We identify several limitations in our investigation that need to be considered when weighing our interpretations in future investigations and applications. First, we highlighted that we matched the controls to the patients based on PA levels, age, and BMI. This was motivated by the knowledge of the influential impact of PA on assessed metabolic parameters in skeletal muscle and the cardiovasculature, the variability of which is affected by the investigated genotypes [27,29,43,46,58,69,70]. Our investigation also relied on the isolated procedure of a static endurance test, which may not depict all aspects that are relevant for the fatigue resistance of lumbar extensors during dynamic types of exercise. This choice was based on the fact that the deployed test of Biering-Sørensen is the gold standard for assessing the isometric endurance capacity of back muscles, and we established its compatibility with NIRS-based measurements of muscle oxygenation and perfusion, along with cardiovascular parameters [8]. This allowed us to identify hypothesized main effects on fatigue-related parameters and/or muscle oxygen saturation. As well, our study extended the previously identified interdependent association of BMI and the fat thickness of m. longissimus with chronic lower back pain [8,54,71] to a back pain-related relationship with the TNC genotype rs2104772 and PA (Table S3). We also note that upon a post hoc inspection (Table S4), one effect alone was identified for the biological factor of sex, concerning a complex interaction between sex and the study group for the variability in the accrued difference in tHb concentration of m. longissimus (p = 0.013, η2 = 0.083). Finally, the identified association of rs2104772 with the variability in the average mean arterial pressure supports the view of a reasonable biological resolution of the selected approach to identify novel and disease-relevant associations of TNC with cardiovascular parameters, as shown previously for atherogenic disease and stenosis [68,72].

4. Materials and Methods

Ethics—This study reports results from an explorative observational investigation of chronic nonspecific lower back pain patients compared to controls. The investigation was carried out with the approval of the ethics committee of the canton of Zurich, Switzerland (2016-00647) and was registered at clinicaltrials.gov (NCT02955407).

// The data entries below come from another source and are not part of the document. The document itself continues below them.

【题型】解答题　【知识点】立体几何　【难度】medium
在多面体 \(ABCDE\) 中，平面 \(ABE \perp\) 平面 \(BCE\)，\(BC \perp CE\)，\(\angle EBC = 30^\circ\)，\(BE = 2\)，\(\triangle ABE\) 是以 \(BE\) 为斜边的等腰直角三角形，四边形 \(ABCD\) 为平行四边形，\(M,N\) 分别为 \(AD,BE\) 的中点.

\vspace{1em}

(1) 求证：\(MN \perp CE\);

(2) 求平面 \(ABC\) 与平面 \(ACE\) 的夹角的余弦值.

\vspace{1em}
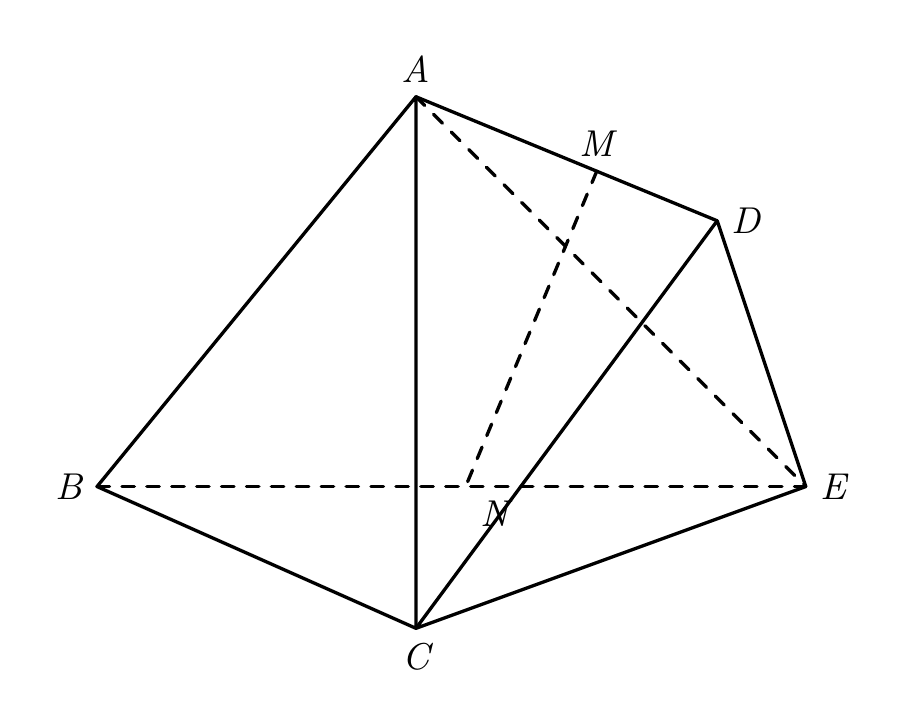
【解答】

\textbf{【解】}

(1) 连接 \(AN\)，

\(\because \triangle ABE\) 是以 \(BE\) 为斜边的等腰直角三角形，\(N\) 为 \(BE\) 的中点，
\(\therefore AN \perp BE\)，

又平面 \(ABE \perp\) 平面 \(BCE\)，平面 \(ABE \cap\) 平面 \(BCE = BE\)，\(AN \subset\) 平面 \(ABE\)，

\(\therefore AN \perp\) 平面 \(BCE\)，又 \(\because CE \subset\) 平面 \(BCE\)，

\(\therefore AN \perp CE\)，

\(\because\) 四边形 \(ABCD\) 为平行四边形，\(M\) 为 \(AD\) 的中点，

\(\therefore BC \parallel AD, BC \parallel AM\)，

又 \(\because CE \perp BC\)，\(\therefore CE \perp AM\)，

又 \(AN \cap AM = A\)，\(AN, AM \subset\) 平面 \(AMN\)，

\(\therefore CE \perp\) 平面 \(AMN\)，又 \(\because MN \subset\) 平面 \(AMN\)，

\(\therefore CE \perp MN\).

\vspace{1em}

(2) 在平面 \(BCE\) 中，过 \(N\) 作 \(NF \perp BE\) 交 \(BC\) 于点 \(F\)，结合(1)易知 \(NF, NE, NA\) 两两垂直. 所以以 \(NF, NE, NA\) 分别为 \(x\) 轴、\(y\) 轴、\(z\) 轴建立空间直角坐标系如图所示.

\(\because \angle EBC = 30^\circ, BE = 2\)，\(\therefore AN = BN = NE = \dfrac{1}{2}BE = 1\)，\(CE = \dfrac{1}{2}BE = 1\)，\(\angle BEC = 60^\circ\)，

则 \(N(0,0,0), A(0,0,1), B(0,-1,0), E(0,1,0), C\left(\dfrac{\sqrt{3}}{2},\dfrac{1}{2},0\right)\)，

\(\therefore \overrightarrow{AE} = (0,1,-1), \overrightarrow{CE} = \left(-\dfrac{\sqrt{3}}{2},\dfrac{1}{2},0\right), \overrightarrow{BA} = (0,1,1), \overrightarrow{BC} = \left(\dfrac{\sqrt{3}}{2},\dfrac{3}{2},0\right)\).

设平面 \(ACE\) 的法向量为 \(\vec{n} = (x,y,z)\)，

\(\therefore \begin{cases} \vec{n} \cdot \overrightarrow{CE} = 0 \\ \vec{n} \cdot \overrightarrow{AE} = 0 \end{cases} \implies \begin{cases} -\dfrac{\sqrt{3}}{2}x + \dfrac{1}{2}y = 0, \\ y - z = 0, \end{cases}\) 取 \(x = 1\)，则 \(y = \sqrt{3}, z = \sqrt{3}\)，

故 \(\vec{n} = (1,\sqrt{3},\sqrt{3})\) 是平面 \(ACE\) 的一个法向量，

设平面 \(ABC\) 的法向量为 \(\vec{m} = (x_1,y_1,z_1)\)，

\(\therefore \begin{cases} \vec{m} \cdot \overrightarrow{BA} = 0 \\ \vec{m} \cdot \overrightarrow{BC} = 0 \end{cases} \implies \begin{cases} y_1 + z_1 = 0, \\ \dfrac{\sqrt{3}}{2}x_1 + \dfrac{3}{2}y_1 = 0, \end{cases}\) 取 \(y_1 = -1\)，则 \(x_1 = \sqrt{3}, z_1 = 1\)，

故平面 \(ABC\) 的法向量为 \(\vec{m} = (\sqrt{3},-1,1)\)，

设平面 \(ABC\) 与平面 \(ACE\) 的夹角为 \(\alpha\)，

则
\[
\cos\alpha = \dfrac{|\vec{m} \cdot \vec{n}|}{|\vec{m}| |\vec{n}|} = \dfrac{|1 \times \sqrt{3} + \sqrt{3} \times (-1) + \sqrt{3} \times 1|}{\sqrt{1^2 + (\sqrt{3})^2 + (\sqrt{3})^2} \times \sqrt{(\sqrt{3})^2 + (-1)^2 + 1^2}} = \dfrac{\sqrt{105}}{35},
\]

故平面 \(ABC\) 与平面 \(ACE\) 的夹角的余弦值为 \(\dfrac{\sqrt{105}}{35}\).

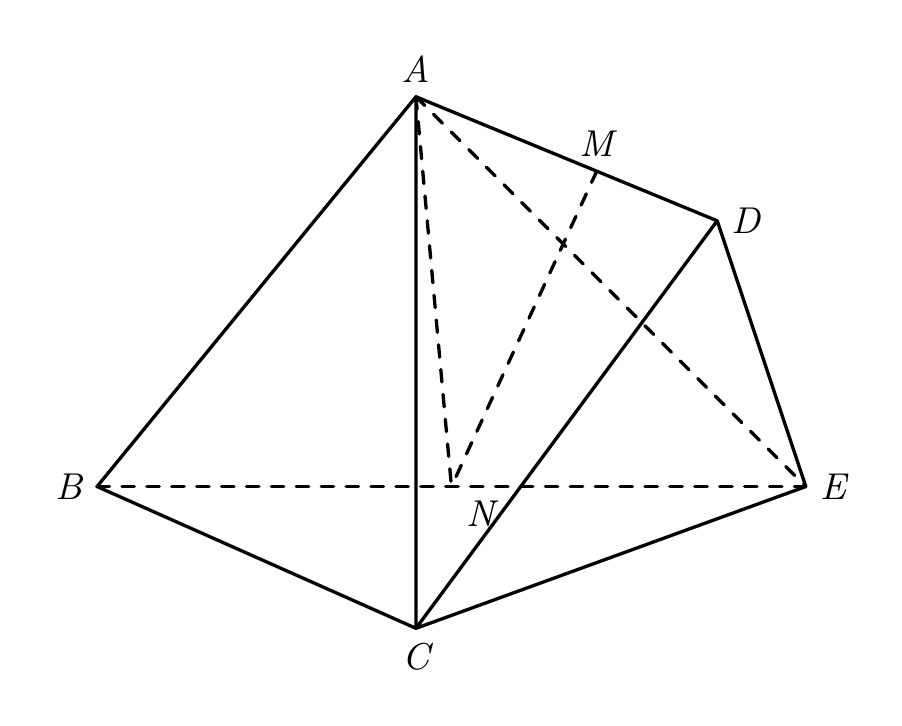
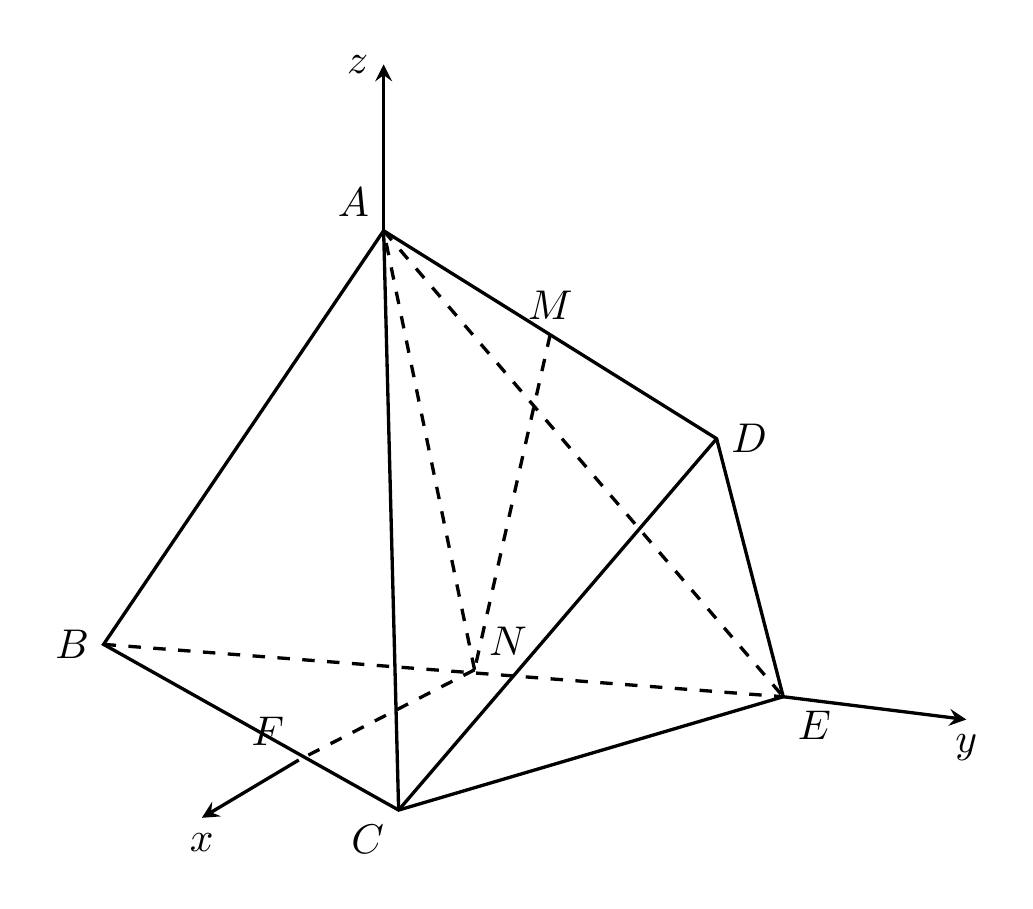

Design—48 patients and 74 controls were included in this study to assess the isometric endurance of lumbar muscle groups with the Beiring-Sorenson test. Concomitantly, the effects of the strain on aerobic metabolism in m. longissimus and cardiovascular metabolism were monitored. For aerobic metabolism, SmO2 was measured in major dorsal muscle groups (longissimus, multifidus, iliocostalis) using near-infrared spectroscopy, as this method serves as a proxy for mitochondrial respiration [30]. This was accompanied by the measurement of the blood lactate concentration. Cardiovascular measurements included heart rate, blood pressure, and the NIRS-based assessment of tHb in the longissimus muscle as a proxy of perfusion [30]. Hand grip strength was assessed, and a general measure of strength was taken. Subcutaneous fat was evaluated using a caliper (GPM, Caliper, DKSH Switzerland Ltd., Zurich, Switzerland). Pain and habitual PA levels were estimated based on a numerical rating scale and the Baecke physical activity questionnaire (of Sports Scores) as previously described [8]. rs1799752 and rs2104772 gene polymorphisms were determined on mucosal samples. For the statistical analysis, the data from patients were matched 1:1 to those of the controls based on biometric parameters, leading to the exclusion of data for 26 control subjects.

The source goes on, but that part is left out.